The rise of the Islamic State (IS), also known as the Islamic State in Iraq and Syria, has brought to the surface a number of underlying forces in the world of Islam. This particular group, as well as some of its predecessors, is not necessarily fighting the West. Its campaign should not be interpreted in Huntingtonian terms. It is not a “clash of civilisations” as foretold by the American political scientist Samuel P Huntington in a book that carried that title.
According to him, there were two world cultures that were bound to clash. One was democratic and essentially secular in approach towards governance the West had developed over a couple of centuries. The other was Islam in which the individual counted much less than the community of which he or she was a part. That community was to be governed not by laws written by men and women but by those sent down by God. The scripture was the only Constitution the Muslim community needed but it could not be changed.
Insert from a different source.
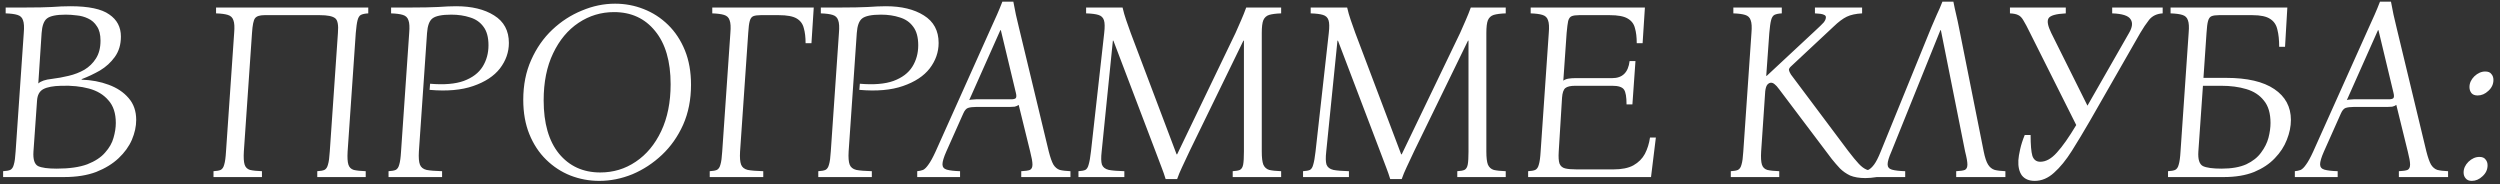 <?xml version="1.0" encoding="UTF-8"?> <svg xmlns="http://www.w3.org/2000/svg" width="353" height="26" viewBox="0 0 353 26" fill="none"><rect x="0" y="0" width="353" height="26" fill="#333333" stroke="none"/><path d="M0.44 25V24.172C0.896 24.148 1.232 24.088 1.448 23.992C1.688 23.872 1.856 23.62 1.952 23.236C2.072 22.852 2.156 22.24 2.204 21.4L3.356 4.66C3.428 3.82 3.392 3.22 3.248 2.86C3.128 2.476 2.864 2.224 2.456 2.104C2.072 1.984 1.52 1.912 0.8 1.888V1.06H3.644C5.204 1.06 6.428 1.036 7.316 0.988C8.228 0.916 9.104 0.88 9.944 0.88C12.512 0.88 14.336 1.264 15.416 2.032C16.52 2.776 17.072 3.82 17.072 5.164C17.072 6.292 16.784 7.252 16.208 8.044C15.656 8.812 14.96 9.448 14.12 9.952C13.28 10.432 12.416 10.84 11.528 11.176V11.248C12.92 11.296 14.192 11.536 15.344 11.968C16.52 12.4 17.456 13.024 18.152 13.84C18.872 14.656 19.232 15.688 19.232 16.936C19.232 17.848 19.028 18.784 18.62 19.744C18.212 20.68 17.588 21.544 16.748 22.336C15.908 23.128 14.852 23.776 13.58 24.28C12.308 24.76 10.796 25 9.044 25H0.44ZM5.408 11.788C5.768 11.452 6.404 11.236 7.316 11.14C8.108 11.044 8.9 10.9 9.692 10.708C10.508 10.516 11.252 10.228 11.924 9.844C12.596 9.436 13.136 8.908 13.544 8.26C13.976 7.588 14.192 6.748 14.192 5.74C14.192 4.876 14.024 4.204 13.688 3.724C13.376 3.22 12.956 2.848 12.428 2.608C11.924 2.368 11.396 2.224 10.844 2.176C10.292 2.104 9.776 2.068 9.296 2.068C7.976 2.068 7.088 2.248 6.632 2.608C6.2 2.944 5.948 3.628 5.876 4.66L5.408 11.788ZM8 23.812C9.776 23.812 11.216 23.608 12.32 23.2C13.424 22.768 14.264 22.216 14.84 21.544C15.44 20.872 15.836 20.176 16.028 19.456C16.244 18.712 16.352 18.016 16.352 17.368C16.352 16 16.004 14.932 15.308 14.164C14.636 13.372 13.724 12.82 12.572 12.508C11.42 12.196 10.112 12.064 8.648 12.112C7.52 12.136 6.68 12.292 6.128 12.58C5.576 12.868 5.276 13.42 5.228 14.236L4.724 21.4C4.652 22.504 4.868 23.188 5.372 23.452C5.876 23.692 6.752 23.812 8 23.812ZM50.235 4.66L49.083 21.4C49.035 22.24 49.071 22.852 49.191 23.236C49.311 23.62 49.563 23.872 49.947 23.992C50.355 24.088 50.919 24.148 51.639 24.172V25H44.799V24.172C45.255 24.148 45.591 24.088 45.807 23.992C46.047 23.872 46.215 23.62 46.311 23.236C46.431 22.852 46.515 22.24 46.563 21.4L47.715 4.66C47.811 3.532 47.679 2.836 47.319 2.572C46.959 2.284 46.239 2.14 45.159 2.14H37.347C36.675 2.14 36.231 2.284 36.015 2.572C35.799 2.836 35.655 3.532 35.583 4.66L34.431 21.4C34.383 22.24 34.419 22.852 34.539 23.236C34.659 23.62 34.911 23.872 35.295 23.992C35.703 24.088 36.267 24.148 36.987 24.172V25H30.147V24.172C30.603 24.148 30.939 24.088 31.155 23.992C31.395 23.872 31.563 23.62 31.659 23.236C31.779 22.852 31.863 22.24 31.911 21.4L33.063 4.66C33.135 3.82 33.099 3.22 32.955 2.86C32.835 2.476 32.571 2.224 32.163 2.104C31.779 1.984 31.227 1.912 30.507 1.888V1.06H51.999V1.888C51.543 1.912 51.195 1.984 50.955 2.104C50.739 2.224 50.583 2.476 50.487 2.86C50.391 3.22 50.307 3.82 50.235 4.66ZM54.862 25V24.172C55.318 24.148 55.654 24.088 55.87 23.992C56.11 23.872 56.278 23.62 56.374 23.236C56.494 22.852 56.578 22.24 56.626 21.4L57.778 4.66C57.85 3.82 57.814 3.22 57.67 2.86C57.55 2.476 57.286 2.224 56.878 2.104C56.494 1.984 55.942 1.912 55.222 1.888V1.06H58.138C59.602 1.06 60.838 1.036 61.846 0.988C62.854 0.916 63.706 0.88 64.402 0.88C66.61 0.88 68.398 1.312 69.766 2.176C71.158 3.04 71.854 4.336 71.854 6.064C71.854 7.36 71.434 8.56 70.594 9.664C69.754 10.744 68.494 11.572 66.814 12.148C65.158 12.724 63.106 12.904 60.658 12.688L60.73 11.824C62.698 11.992 64.282 11.86 65.482 11.428C66.706 10.972 67.594 10.3 68.146 9.412C68.698 8.524 68.974 7.516 68.974 6.388C68.974 5.26 68.734 4.384 68.254 3.76C67.798 3.136 67.174 2.704 66.382 2.464C65.59 2.2 64.702 2.068 63.718 2.068C62.398 2.068 61.51 2.248 61.054 2.608C60.622 2.944 60.37 3.628 60.298 4.66L59.146 21.4C59.098 22.24 59.146 22.852 59.29 23.236C59.434 23.62 59.746 23.872 60.226 23.992C60.73 24.088 61.462 24.148 62.422 24.172V25H54.862ZM86.844 0.52C88.26 0.52 89.604 0.772 90.876 1.276C92.172 1.78 93.324 2.524 94.332 3.508C95.34 4.492 96.132 5.692 96.708 7.108C97.284 8.524 97.572 10.144 97.572 11.968C97.572 14.056 97.2 15.94 96.456 17.62C95.712 19.276 94.716 20.692 93.468 21.868C92.22 23.044 90.828 23.956 89.292 24.604C87.756 25.228 86.196 25.54 84.612 25.54C83.196 25.54 81.84 25.288 80.544 24.784C79.272 24.28 78.132 23.536 77.124 22.552C76.116 21.568 75.324 20.368 74.748 18.952C74.172 17.536 73.884 15.916 73.884 14.092C73.884 12.004 74.256 10.132 75 8.476C75.744 6.796 76.74 5.368 77.988 4.192C79.236 3.016 80.628 2.116 82.164 1.492C83.7 0.844 85.26 0.52 86.844 0.52ZM84.756 24.352C86.604 24.352 88.272 23.848 89.76 22.84C91.272 21.832 92.472 20.392 93.36 18.52C94.248 16.648 94.692 14.44 94.692 11.896C94.692 8.656 93.96 6.148 92.496 4.372C91.056 2.596 89.124 1.708 86.7 1.708C84.876 1.708 83.208 2.212 81.696 3.22C80.184 4.228 78.984 5.668 78.096 7.54C77.208 9.388 76.764 11.596 76.764 14.164C76.764 17.404 77.484 19.912 78.924 21.688C80.388 23.464 82.332 24.352 84.756 24.352ZM100.213 25V24.172C100.669 24.148 101.005 24.088 101.221 23.992C101.461 23.872 101.629 23.62 101.725 23.236C101.845 22.852 101.929 22.24 101.977 21.4L103.129 4.66C103.201 3.82 103.165 3.22 103.021 2.86C102.901 2.476 102.637 2.224 102.229 2.104C101.845 1.984 101.293 1.912 100.573 1.888V1.06H114.901L114.577 6.1H113.749C113.749 5.26 113.665 4.552 113.497 3.976C113.353 3.376 113.017 2.92 112.489 2.608C111.961 2.296 111.121 2.14 109.969 2.14H107.413C106.957 2.14 106.609 2.188 106.369 2.284C106.129 2.38 105.961 2.608 105.865 2.968C105.769 3.304 105.697 3.868 105.649 4.66L104.497 21.4C104.449 22.24 104.497 22.852 104.641 23.236C104.785 23.62 105.097 23.872 105.577 23.992C106.081 24.088 106.813 24.148 107.773 24.172V25H100.213ZM115.542 25V24.172C115.998 24.148 116.334 24.088 116.55 23.992C116.79 23.872 116.958 23.62 117.054 23.236C117.174 22.852 117.258 22.24 117.306 21.4L118.458 4.66C118.53 3.82 118.494 3.22 118.35 2.86C118.23 2.476 117.966 2.224 117.558 2.104C117.174 1.984 116.622 1.912 115.902 1.888V1.06H118.818C120.282 1.06 121.518 1.036 122.526 0.988C123.534 0.916 124.386 0.88 125.082 0.88C127.29 0.88 129.078 1.312 130.446 2.176C131.838 3.04 132.534 4.336 132.534 6.064C132.534 7.36 132.114 8.56 131.274 9.664C130.434 10.744 129.174 11.572 127.494 12.148C125.838 12.724 123.786 12.904 121.338 12.688L121.41 11.824C123.378 11.992 124.962 11.86 126.162 11.428C127.386 10.972 128.274 10.3 128.826 9.412C129.378 8.524 129.654 7.516 129.654 6.388C129.654 5.26 129.414 4.384 128.934 3.76C128.478 3.136 127.854 2.704 127.062 2.464C126.27 2.2 125.382 2.068 124.398 2.068C123.078 2.068 122.19 2.248 121.734 2.608C121.302 2.944 121.05 3.628 120.978 4.66L119.826 21.4C119.778 22.24 119.826 22.852 119.97 23.236C120.114 23.62 120.426 23.872 120.906 23.992C121.41 24.088 122.142 24.148 123.102 24.172V25H115.542ZM148.088 21.4C148.304 22.24 148.52 22.852 148.736 23.236C148.976 23.62 149.276 23.872 149.636 23.992C150.02 24.088 150.524 24.148 151.148 24.172V25H144.2V24.172C144.776 24.148 145.184 24.088 145.424 23.992C145.664 23.872 145.784 23.62 145.784 23.236C145.784 22.852 145.676 22.24 145.46 21.4L143.84 14.812C143.672 14.932 143.48 15.016 143.264 15.064C143.048 15.088 142.82 15.1 142.58 15.1H137.828C137.348 15.1 136.964 15.148 136.676 15.244C136.412 15.34 136.184 15.616 135.992 16.072L133.616 21.4C133.256 22.216 133.076 22.816 133.076 23.2C133.076 23.584 133.28 23.836 133.688 23.956C134.12 24.076 134.744 24.148 135.56 24.172V25H129.512V24.172C129.8 24.148 130.076 24.088 130.34 23.992C130.58 23.872 130.832 23.62 131.096 23.236C131.384 22.852 131.72 22.24 132.104 21.4L139.952 3.904C140.24 3.28 140.516 2.668 140.78 2.068C141.044 1.468 141.296 0.856 141.536 0.232H143.084C143.204 0.856 143.324 1.468 143.444 2.068C143.588 2.668 143.732 3.28 143.876 3.904L148.088 21.4ZM142.76 14.02C143.072 14.02 143.288 13.972 143.408 13.876C143.528 13.756 143.54 13.504 143.444 13.12L141.32 4.264H141.248L136.856 14.128C137 14.08 137.156 14.056 137.324 14.056C137.492 14.032 137.66 14.02 137.828 14.02H142.76ZM164.59 25.288C164.422 24.736 164.23 24.184 164.014 23.632C163.798 23.056 163.498 22.264 163.114 21.256L157.21 5.74H157.138L155.554 21.4C155.458 22.24 155.47 22.852 155.59 23.236C155.734 23.62 156.058 23.872 156.562 23.992C157.066 24.088 157.798 24.148 158.758 24.172V25H152.278V24.172C152.71 24.148 153.034 24.088 153.25 23.992C153.466 23.872 153.622 23.62 153.718 23.236C153.838 22.852 153.946 22.24 154.042 21.4L155.914 4.66C156.01 3.82 155.998 3.22 155.878 2.86C155.758 2.476 155.494 2.224 155.086 2.104C154.702 1.984 154.126 1.912 153.358 1.888V1.06H158.506C158.65 1.684 158.818 2.272 159.01 2.824C159.202 3.376 159.418 3.988 159.658 4.66L166.138 21.796H166.21L174.454 4.66C174.742 4.036 175.006 3.436 175.246 2.86C175.51 2.26 175.75 1.66 175.966 1.06H180.898V1.888C180.178 1.912 179.614 1.984 179.206 2.104C178.822 2.224 178.546 2.476 178.378 2.86C178.234 3.22 178.162 3.82 178.162 4.66V21.4C178.162 22.24 178.234 22.852 178.378 23.236C178.546 23.62 178.822 23.872 179.206 23.992C179.614 24.088 180.178 24.148 180.898 24.172V25H174.058V24.172C174.514 24.148 174.85 24.088 175.066 23.992C175.306 23.872 175.462 23.62 175.534 23.236C175.606 22.852 175.642 22.24 175.642 21.4V5.74H175.57L168.01 21.256C167.53 22.264 167.158 23.056 166.894 23.632C166.63 24.184 166.402 24.736 166.21 25.288H164.59ZM196.301 25.288C196.133 24.736 195.941 24.184 195.725 23.632C195.509 23.056 195.209 22.264 194.825 21.256L188.921 5.74H188.849L187.265 21.4C187.169 22.24 187.181 22.852 187.301 23.236C187.445 23.62 187.769 23.872 188.273 23.992C188.777 24.088 189.509 24.148 190.469 24.172V25H183.989V24.172C184.421 24.148 184.745 24.088 184.961 23.992C185.177 23.872 185.333 23.62 185.429 23.236C185.549 22.852 185.657 22.24 185.753 21.4L187.625 4.66C187.721 3.82 187.709 3.22 187.589 2.86C187.469 2.476 187.205 2.224 186.797 2.104C186.413 1.984 185.837 1.912 185.069 1.888V1.06H190.217C190.361 1.684 190.529 2.272 190.721 2.824C190.913 3.376 191.129 3.988 191.369 4.66L197.849 21.796H197.921L206.165 4.66C206.453 4.036 206.717 3.436 206.957 2.86C207.221 2.26 207.461 1.66 207.677 1.06H212.609V1.888C211.889 1.912 211.325 1.984 210.917 2.104C210.533 2.224 210.257 2.476 210.089 2.86C209.945 3.22 209.873 3.82 209.873 4.66V21.4C209.873 22.24 209.945 22.852 210.089 23.236C210.257 23.62 210.533 23.872 210.917 23.992C211.325 24.088 211.889 24.148 212.609 24.172V25H205.769V24.172C206.225 24.148 206.561 24.088 206.777 23.992C207.017 23.872 207.173 23.62 207.245 23.236C207.317 22.852 207.353 22.24 207.353 21.4V5.74H207.281L199.721 21.256C199.241 22.264 198.869 23.056 198.605 23.632C198.341 24.184 198.113 24.736 197.921 25.288H196.301ZM215.772 25V24.172C216.228 24.148 216.564 24.088 216.78 23.992C217.02 23.872 217.188 23.62 217.284 23.236C217.404 22.852 217.488 22.24 217.536 21.4L218.688 4.66C218.76 3.82 218.724 3.22 218.58 2.86C218.46 2.476 218.196 2.224 217.788 2.104C217.404 1.984 216.852 1.912 216.132 1.888V1.06H232.26L231.936 6.1H231.108C231.108 5.26 231.024 4.552 230.856 3.976C230.712 3.376 230.364 2.92 229.812 2.608C229.284 2.296 228.444 2.14 227.292 2.14H222.972C222.516 2.14 222.168 2.188 221.928 2.284C221.688 2.38 221.52 2.608 221.424 2.968C221.352 3.304 221.28 3.868 221.208 4.66L220.74 11.392C220.932 11.248 221.172 11.152 221.46 11.104C221.748 11.056 222.072 11.032 222.432 11.032H227.652C229.092 11.032 229.908 10.228 230.1 8.62H230.928L230.496 14.74H229.668C229.668 13.684 229.548 12.988 229.308 12.652C229.068 12.292 228.516 12.112 227.652 12.112H222.432C221.76 12.112 221.292 12.22 221.028 12.436C220.764 12.652 220.608 13.108 220.56 13.804L220.092 21.4C220.044 22.168 220.08 22.732 220.2 23.092C220.344 23.452 220.608 23.68 220.992 23.776C221.376 23.872 221.928 23.92 222.648 23.92H227.796C228.996 23.92 229.944 23.728 230.64 23.344C231.36 22.936 231.9 22.396 232.26 21.724C232.62 21.028 232.86 20.26 232.98 19.42H233.808L233.124 25H215.772ZM263.397 25.144C262.533 25.144 261.813 25.024 261.237 24.784C260.685 24.52 260.205 24.184 259.797 23.776C259.413 23.368 259.029 22.924 258.645 22.444L251.229 12.616C250.965 12.256 250.749 12.016 250.581 11.896C250.413 11.752 250.245 11.68 250.077 11.68C249.885 11.68 249.705 11.776 249.537 11.968C249.393 12.16 249.297 12.472 249.249 12.904L248.673 21.4C248.625 22.24 248.661 22.852 248.781 23.236C248.901 23.62 249.153 23.872 249.537 23.992C249.945 24.088 250.509 24.148 251.229 24.172V25H244.389V24.172C244.845 24.148 245.181 24.088 245.397 23.992C245.637 23.872 245.805 23.62 245.901 23.236C246.021 22.852 246.105 22.24 246.153 21.4L247.305 4.66C247.377 3.82 247.341 3.22 247.197 2.86C247.077 2.476 246.813 2.224 246.405 2.104C246.021 1.984 245.469 1.912 244.749 1.888V1.06H251.589V1.888C251.133 1.912 250.785 1.984 250.545 2.104C250.329 2.224 250.173 2.476 250.077 2.86C249.981 3.22 249.897 3.82 249.825 4.66L249.393 10.708H249.465L256.269 4.372C256.869 3.82 257.277 3.424 257.493 3.184C257.709 2.92 257.817 2.668 257.817 2.428C257.817 2.26 257.709 2.14 257.493 2.068C257.301 1.972 256.893 1.912 256.269 1.888V1.06H262.929V1.888C262.041 1.936 261.321 2.092 260.769 2.356C260.217 2.62 259.593 3.088 258.897 3.76L252.885 9.376C252.693 9.544 252.597 9.712 252.597 9.88C252.621 10.048 252.717 10.264 252.885 10.528L260.949 21.292C261.573 22.108 262.077 22.72 262.461 23.128C262.845 23.536 263.217 23.812 263.577 23.956C263.961 24.1 264.441 24.172 265.017 24.172V25C264.705 25.048 264.417 25.084 264.153 25.108C263.889 25.132 263.637 25.144 263.397 25.144ZM267.07 21.4C266.71 22.216 266.53 22.816 266.53 23.2C266.53 23.584 266.734 23.836 267.142 23.956C267.574 24.076 268.198 24.148 269.014 24.172V25H262.965V24.172C263.253 24.148 263.529 24.088 263.793 23.992C264.058 23.872 264.334 23.62 264.622 23.236C264.91 22.852 265.222 22.24 265.558 21.4L272.686 3.904C272.95 3.28 273.214 2.668 273.478 2.068C273.766 1.468 274.03 0.856 274.27 0.232H275.818C275.938 0.856 276.07 1.468 276.214 2.068C276.358 2.668 276.49 3.28 276.61 3.904L280.102 21.4C280.27 22.24 280.474 22.852 280.714 23.236C280.954 23.62 281.266 23.872 281.65 23.992C282.034 24.088 282.538 24.148 283.162 24.172V25H276.214V24.172C276.79 24.148 277.198 24.088 277.438 23.992C277.678 23.872 277.798 23.62 277.798 23.236C277.798 22.852 277.69 22.24 277.474 21.4L274.054 4.264H273.982L267.07 21.4ZM287.297 25.54C286.505 25.54 285.905 25.288 285.497 24.784C285.113 24.256 284.945 23.536 284.993 22.624C285.017 22.216 285.101 21.7 285.245 21.076C285.389 20.428 285.605 19.756 285.893 19.06H286.721C286.721 20.452 286.805 21.436 286.973 22.012C287.165 22.564 287.537 22.84 288.089 22.84C288.881 22.84 289.661 22.408 290.429 21.544C291.221 20.68 292.133 19.384 293.165 17.656L286.649 4.66C286.265 3.868 285.953 3.28 285.713 2.896C285.497 2.512 285.257 2.26 284.993 2.14C284.729 1.996 284.333 1.912 283.805 1.888V1.06H291.689V1.888C290.273 1.96 289.457 2.2 289.241 2.608C289.025 2.992 289.157 3.676 289.637 4.66L294.749 14.92L300.617 4.66C301.097 3.844 301.169 3.196 300.833 2.716C300.521 2.212 299.657 1.936 298.241 1.888V1.06H305.369V1.888C304.553 1.936 303.917 2.236 303.461 2.788C303.029 3.34 302.609 3.964 302.201 4.66L295.109 17.044C294.221 18.58 293.369 19.996 292.553 21.292C291.737 22.588 290.897 23.62 290.033 24.388C289.193 25.156 288.281 25.54 287.297 25.54ZM323.476 16.936C323.476 17.848 323.284 18.784 322.9 19.744C322.54 20.68 321.976 21.544 321.208 22.336C320.464 23.128 319.492 23.776 318.292 24.28C317.092 24.76 315.664 25 314.008 25H306.124V24.172C306.58 24.148 306.916 24.088 307.132 23.992C307.372 23.872 307.54 23.62 307.636 23.236C307.756 22.852 307.84 22.24 307.888 21.4L309.04 4.624C309.112 3.808 309.076 3.22 308.932 2.86C308.812 2.476 308.548 2.224 308.14 2.104C307.756 1.984 307.204 1.912 306.484 1.888V1.06H322.972L322.648 6.604H321.82C321.82 5.644 321.736 4.84 321.568 4.192C321.424 3.52 321.088 3.016 320.56 2.68C320.032 2.32 319.192 2.14 318.04 2.14H313.324C312.868 2.14 312.52 2.188 312.28 2.284C312.04 2.38 311.872 2.608 311.776 2.968C311.68 3.304 311.608 3.868 311.56 4.66L311.128 10.996H314.332C317.308 10.996 319.576 11.524 321.136 12.58C322.696 13.636 323.476 15.088 323.476 16.936ZM310.408 21.4C310.336 22.504 310.552 23.188 311.056 23.452C311.56 23.692 312.436 23.812 313.684 23.812C315.1 23.812 316.264 23.608 317.176 23.2C318.088 22.768 318.784 22.216 319.264 21.544C319.768 20.872 320.116 20.176 320.308 19.456C320.5 18.712 320.596 18.016 320.596 17.368C320.596 16 320.284 14.944 319.66 14.2C319.06 13.432 318.232 12.892 317.176 12.58C316.144 12.268 314.956 12.112 313.612 12.112H311.056L310.408 21.4ZM342.608 21.4C342.824 22.24 343.04 22.852 343.256 23.236C343.496 23.62 343.796 23.872 344.156 23.992C344.54 24.088 345.044 24.148 345.668 24.172V25H338.72V24.172C339.296 24.148 339.704 24.088 339.944 23.992C340.184 23.872 340.304 23.62 340.304 23.236C340.304 22.852 340.196 22.24 339.98 21.4L338.36 14.812C338.192 14.932 338 15.016 337.784 15.064C337.568 15.088 337.34 15.1 337.1 15.1H332.348C331.868 15.1 331.484 15.148 331.196 15.244C330.932 15.34 330.704 15.616 330.512 16.072L328.136 21.4C327.776 22.216 327.596 22.816 327.596 23.2C327.596 23.584 327.8 23.836 328.208 23.956C328.64 24.076 329.264 24.148 330.08 24.172V25H324.032V24.172C324.32 24.148 324.596 24.088 324.86 23.992C325.1 23.872 325.352 23.62 325.616 23.236C325.904 22.852 326.24 22.24 326.624 21.4L334.472 3.904C334.76 3.28 335.036 2.668 335.3 2.068C335.564 1.468 335.816 0.856 336.056 0.232H337.604C337.724 0.856 337.844 1.468 337.964 2.068C338.108 2.668 338.252 3.28 338.396 3.904L342.608 21.4ZM337.28 14.02C337.592 14.02 337.808 13.972 337.928 13.876C338.048 13.756 338.06 13.504 337.964 13.12L335.84 4.264H335.768L331.376 14.128C331.52 14.08 331.676 14.056 331.844 14.056C332.012 14.032 332.18 14.02 332.348 14.02H337.28ZM349.013 25.54C348.629 25.54 348.341 25.42 348.149 25.18C347.957 24.964 347.861 24.688 347.861 24.352C347.861 23.8 348.089 23.296 348.545 22.84C349.025 22.384 349.541 22.156 350.093 22.156C350.501 22.156 350.789 22.276 350.957 22.516C351.149 22.732 351.245 23.008 351.245 23.344C351.245 23.944 351.005 24.46 350.525 24.892C350.069 25.324 349.565 25.54 349.013 25.54ZM349.841 13.48C349.457 13.48 349.169 13.372 348.977 13.156C348.785 12.916 348.689 12.628 348.689 12.292C348.689 11.74 348.917 11.236 349.373 10.78C349.853 10.324 350.369 10.096 350.921 10.096C351.329 10.096 351.617 10.216 351.785 10.456C351.977 10.672 352.073 10.948 352.073 11.284C352.073 11.884 351.833 12.4 351.353 12.832C350.897 13.264 350.393 13.48 349.841 13.48Z" fill="white"></path></svg>

These two systems were bound to clash, said Huntington. Francis Fukuyama, Huntington’s protege, carried the argument further. In a powerful and influential book, The End of History, written soon after the break-up of the Soviet Union, the American sociologist suggested that the Western style of governance had won by beating Communism as an alternative system. The Cold War that lasted for almost half a century was won by the West and the demise of the alternative system meant that history of ideological conflicts had come to an end.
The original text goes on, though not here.